Genetics

More than any other biological discipline, genetics is responsible for the most dramatic breakthroughs in biology and medicine today. Scientists are rapidly advancing in their ability to engineer genetic material to achieve specific characteristics in plants and animals. The primary way to genetically engineer DNA is called gene cloning, in which a segment of one DNA molecule is removed and then inserted, into another DNA molecule. This process takes advantage of restriction enzymes to cut DNA into fragments of different lengths and ligase to re-create new molecules. Restriction enzymes act as molecular scissors, cutting larger molecules (like DNA) at specific sites. The ends of these fragments are "sticky" in that they have an affinity for complimentary ends of other DNA fragments. DNA ligase acts as a glue to join the ends of the two molecules together. This approach has applications in agriculture and medicine.

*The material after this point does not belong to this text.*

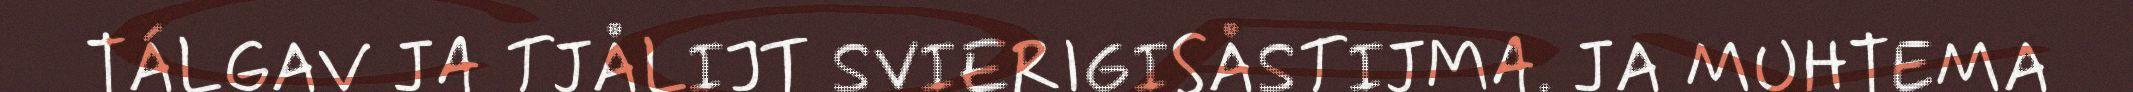
TÁLGAV JA TJÅLIJT SVIERIGISÅSTIJMA. JA MUHTEMA

In agriculture, genetic engineering is used to produce transgenic animals or plants, in which genes are transferred from one organism to another. This approach has been used to reduce the amount of fat in cattle raised for meat, or to increase proteins in the milk of dairy cattle that favor cheese making. Fruits and vegetables have also been genetically engineered so they do not bruise as easily, or so they have a longer shelf life. On the other hand, in medicine, genetic engineering provided great advancements in production of antibiotics, hormones, vaccines, understanding disease mechanisms and in therapy. Gene therapy is currently being developed and used as it provides the opportunity to introduce specific genes into the body to either correct a genetic defect or to enhance the body's capabilities to fight off disease and repair itself. Because many inherited or genetic diseases are caused by the lack of an enzyme or protein, scientists hope to one day treat the unborn by inserting genes to provide the missing enzyme.

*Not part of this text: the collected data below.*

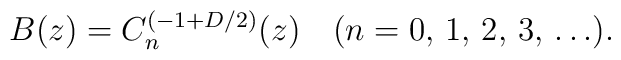
B(z)= C_n ^{(-1+D/2)} (z) \quad (n=0,\,1,\,2,\,3,\,\ldots).
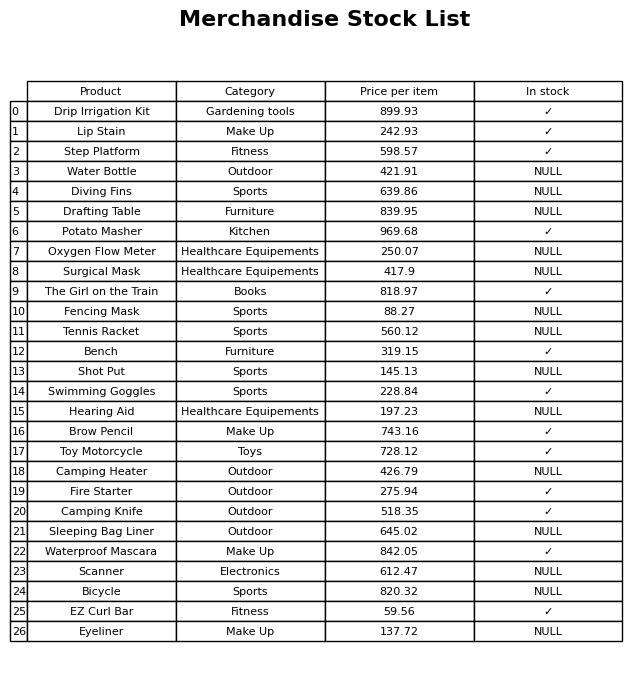
question: What is the price for Waterproof Mascara?
answer: The price of Waterproof Mascara is 842.05.
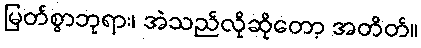
မြတ်စွာဘုရား၊ အဲသည်လိုဆိုတော့ အတိတ်။
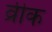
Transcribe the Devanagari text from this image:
व्रीक
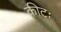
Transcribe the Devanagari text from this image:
कीटः
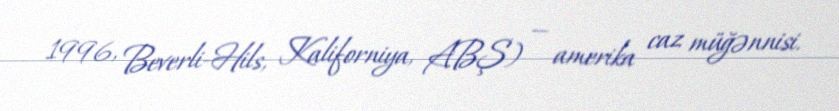
1996, Beverli-Hils, Kaliforniya, ABŞ) — amerika caz müğənnisi.

Genetic fingerprinting (DNA typing) is based on each individual's unique genetic code. To identify parentage, diagnose inherited diseases in prenatal laboratories or the presence of someone at a crime, scientists use molecular biology techniques such as DNA fingerprinting by applying restriction fragment length polymorphisms (RFLPs) analysis (identifying the characteristic patterns in DNA cut with the restriction enzymes), microsattelite analysis (looking at the small specific DNA sequences), DNA hybridization, DNA sequencing or polymerase chain reaction (PCR). Development of PCR allows to analyse small amounts of DNA acquired from hair, semen, blood, fingernail fragments, or fetal cells by utilizing DNA polymerase enzyme (the same enzyme used naturally by cells in mitosis) to create identical copies of a DNA molecules from small samples.

One of the most exciting recent developments in genetics is the initiation of the Human Genome Project (HGP). This project is designed to provide a complete genetic road map outlining the location and function of the 100,000 or so genes found in human cells encoded in over three billion bases. The first human genome draft sequences were published in February 2001 by the Celera company and the HGP consortium in the journals Science and Nature, respectively. As a result, genetic researchers will have easy access to specific genes to study how the human body works and to develop therapies for diseases. Gene maps for other species of animals are also being developed.